Norm Walsh raises a few other good points on the trade offs being made when choosing microformats over XML in his post Supporting Microformats where he writes
Microformats (and architectural forms, and all the other
names under which this technique has been invented) take this one step
further by standardizing some of these attribute values and possibly
even some combination of element types and attribute values in one or
more content models.
This technique has some stellar advantages: it's relatively
easy to explain and the fallback is natural and obvious, new code can
be written to use this “extra” information without any change being
required to existing applications, they just ignore it.
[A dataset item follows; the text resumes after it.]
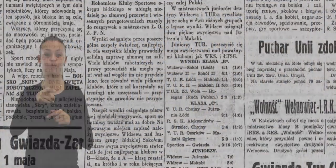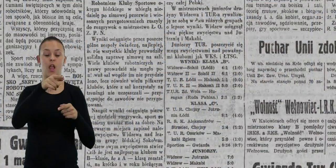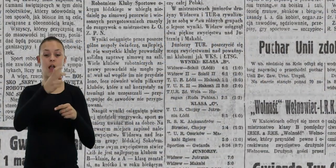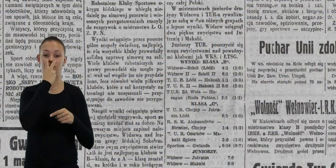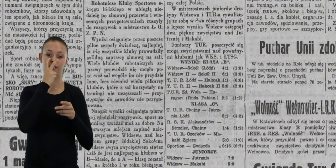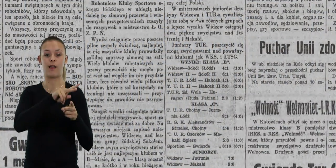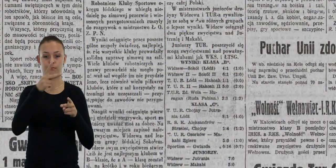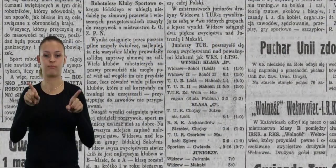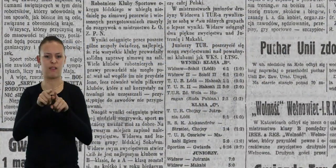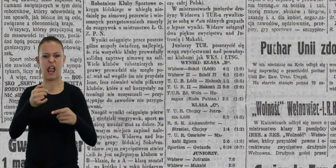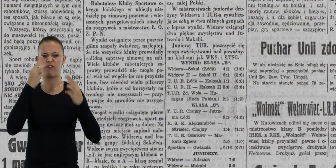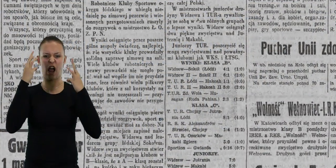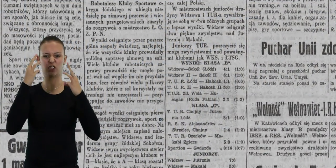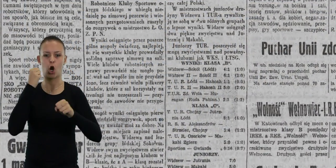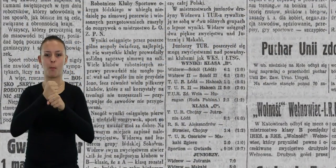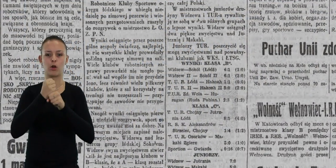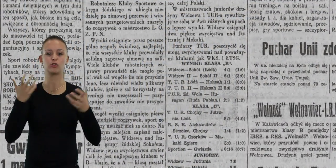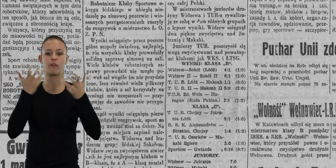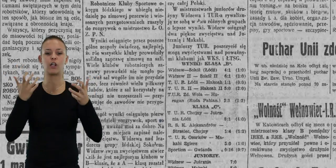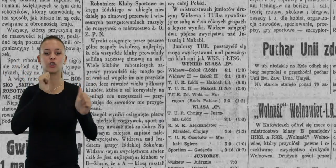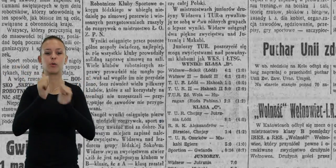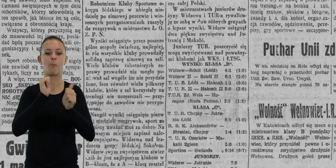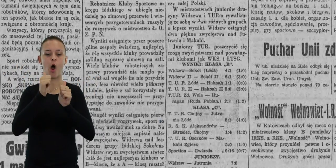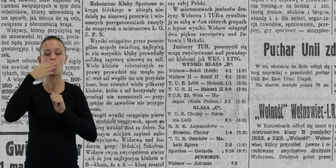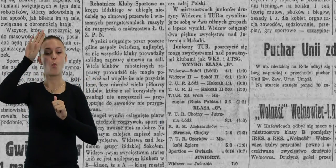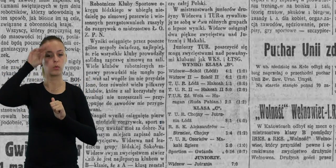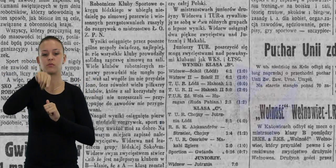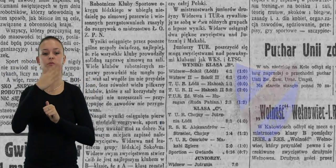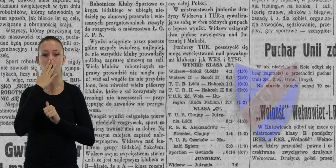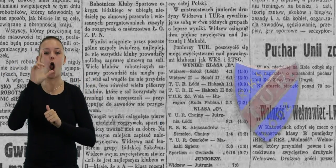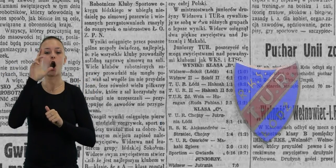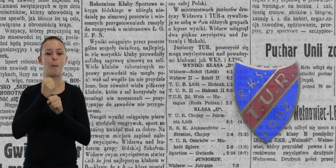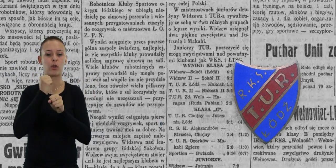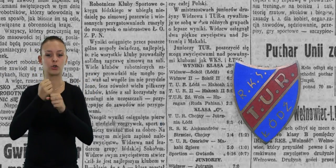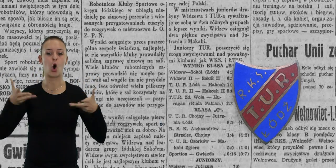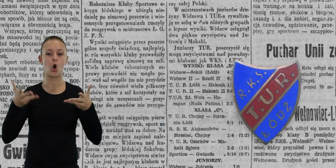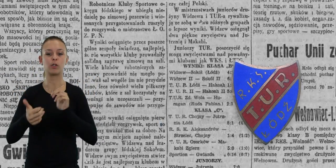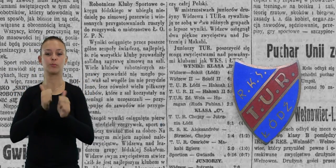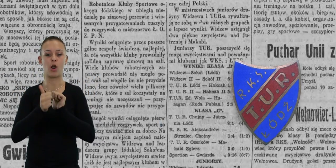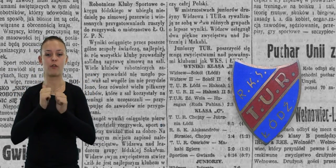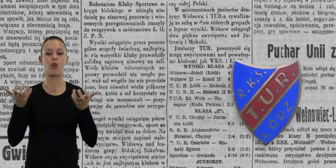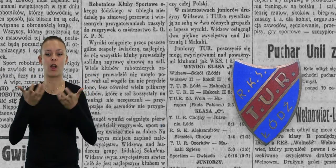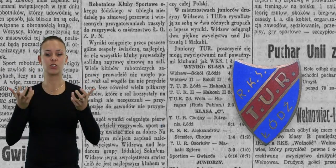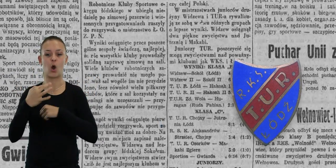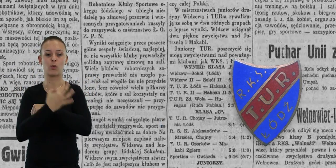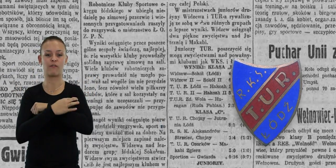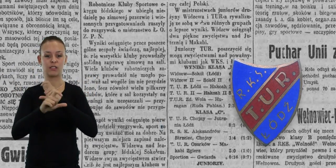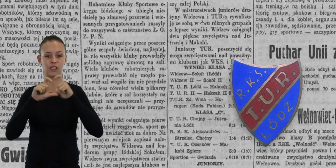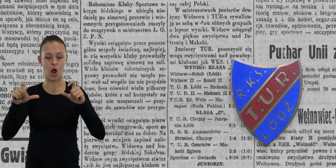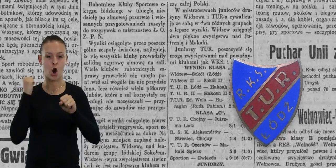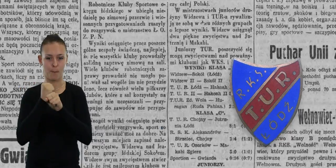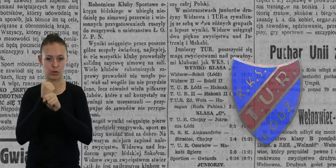Obok Widzewa najważniejszym robotniczym stowarzyszeniem sportowym Łodzi był Robotniczy Klub Sportowy Towarzystwa Uniwersytetu

Despite how compelling those advantages are, there are some
pretty serious drawbacks associated with microformats as well. Adding
hCalendar support to my itineraries page reinforced several of them.
-
They're not very flexible. While I was able to add hCalendar
to the overall itinerary page, I can't add it to the individual pages
because they don't use the right markup. I'm not using <div>
and <span>
to markup the individual appointments, so I can't add hCalendar to them.
-
I don't think they'll scale very well. Microformats rely on the existing extensibility point, the role
or class
attribute. As such, they consume that extensibility point, leaving me without one for any other use I may have.
-
They're devilishly hard to validate. DTDs and W3C XML Schema are right out the door for validating microformats. Of course, Schematron
(and other rule-based validation languages) can do it, but most of us
are used to using grammar-based validation on a daily basis and we're
likely
to forget the extra step of running Schematron validation.
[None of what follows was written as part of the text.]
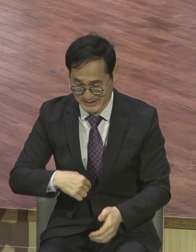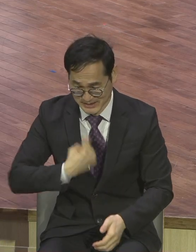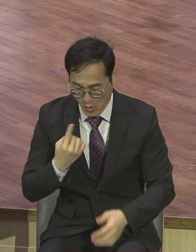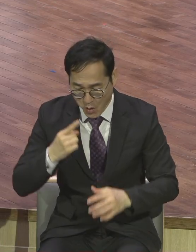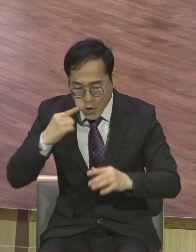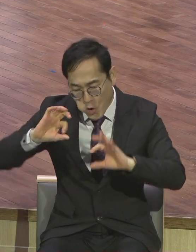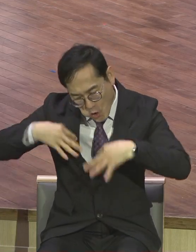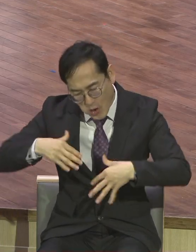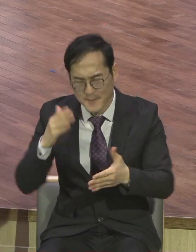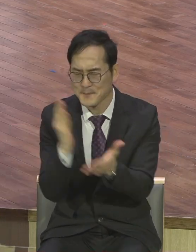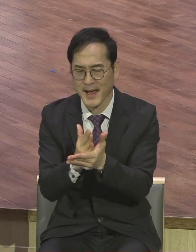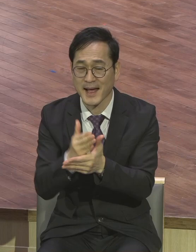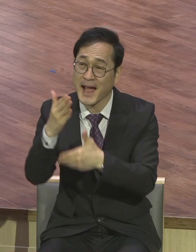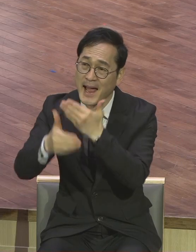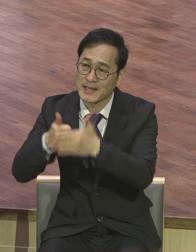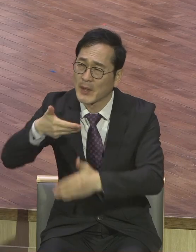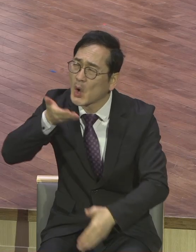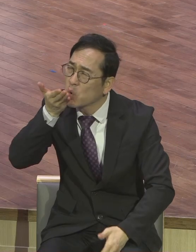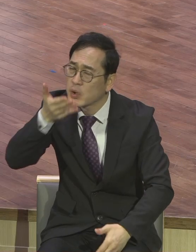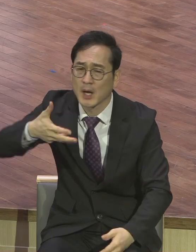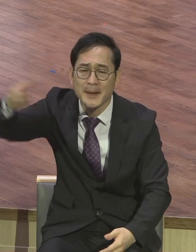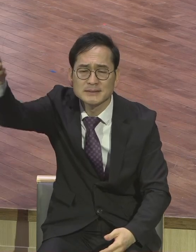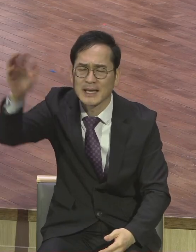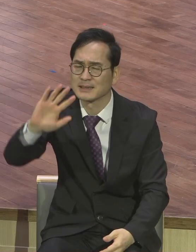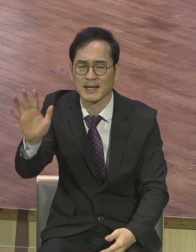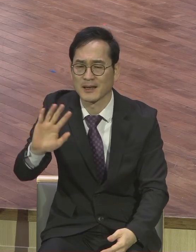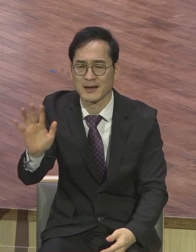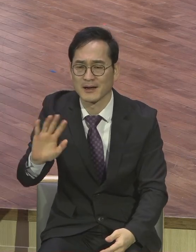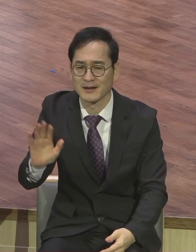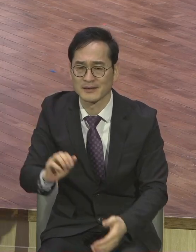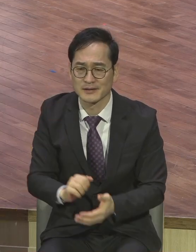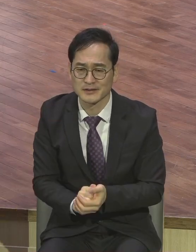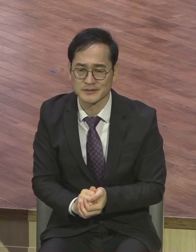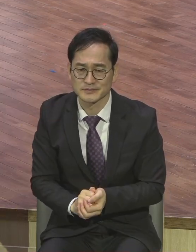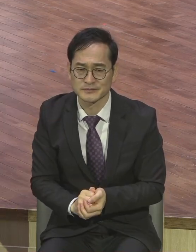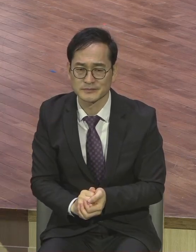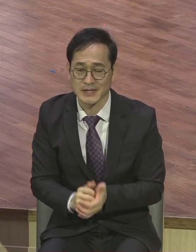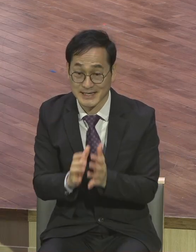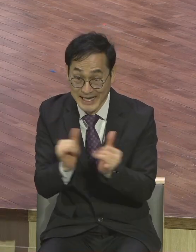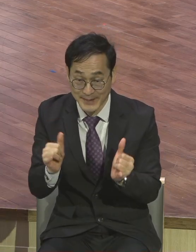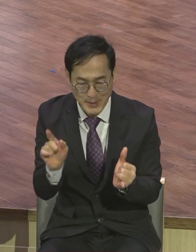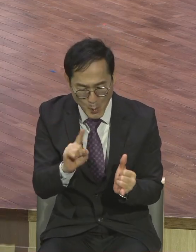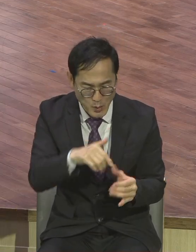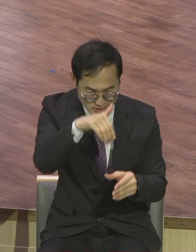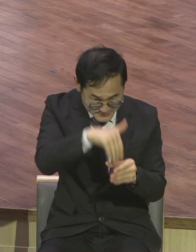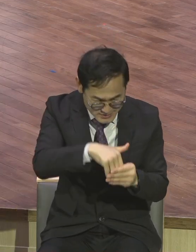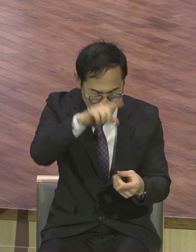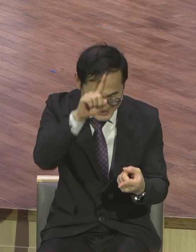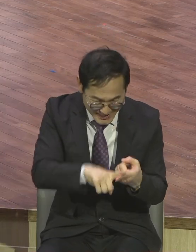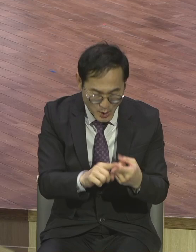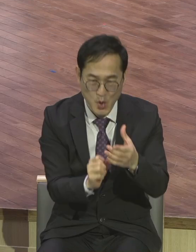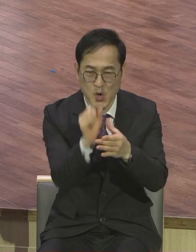하나님은 업신여김을 받지 아니하시나니 사람이 무엇으로 심던지 그대로 거두리라.

It's interesting that RELAX NG
can almost, but not quite, do it. RELAX NG has no difficulty
distinguishing between two patterns based on an attribute value, but
you can't use those two patterns in an interleave pattern. So the
general case, where you want to say that the content of one of these
special elements is “an <abbr>
with class="dtstart"
interleaved
with an <abbr>
with class="dtend"
interleaved with…”, you're out of luck. If you can limit the content to
something that doesn't require interleaving, you can use RELAX NG for
your particular application, but most of the microformats I've seen use
interleaving in the general case.
Is validation really important? Well, I have well over a
decade of experience with markup languages at this point and I was
reminded just last week that I can't be relied upon to write a simple
HTML document without markup errors if I don't validate it. If they
can't be validated, they will often be incorrect.
The complexity of validating microformats isn't something I'd
considered in my original investigation but is a valid point. As a developer of an
RSS aggregator, I've found the existence of
the Feed Validator to be an
immense help in tracking down issues. Not having the luxury of being
able to validate feeds would make building an aggregator a lot harder
and a lot less fun.
I'll continue to pay attention to this discussion but for now microformats will remain in the "gross hack" bucket for me.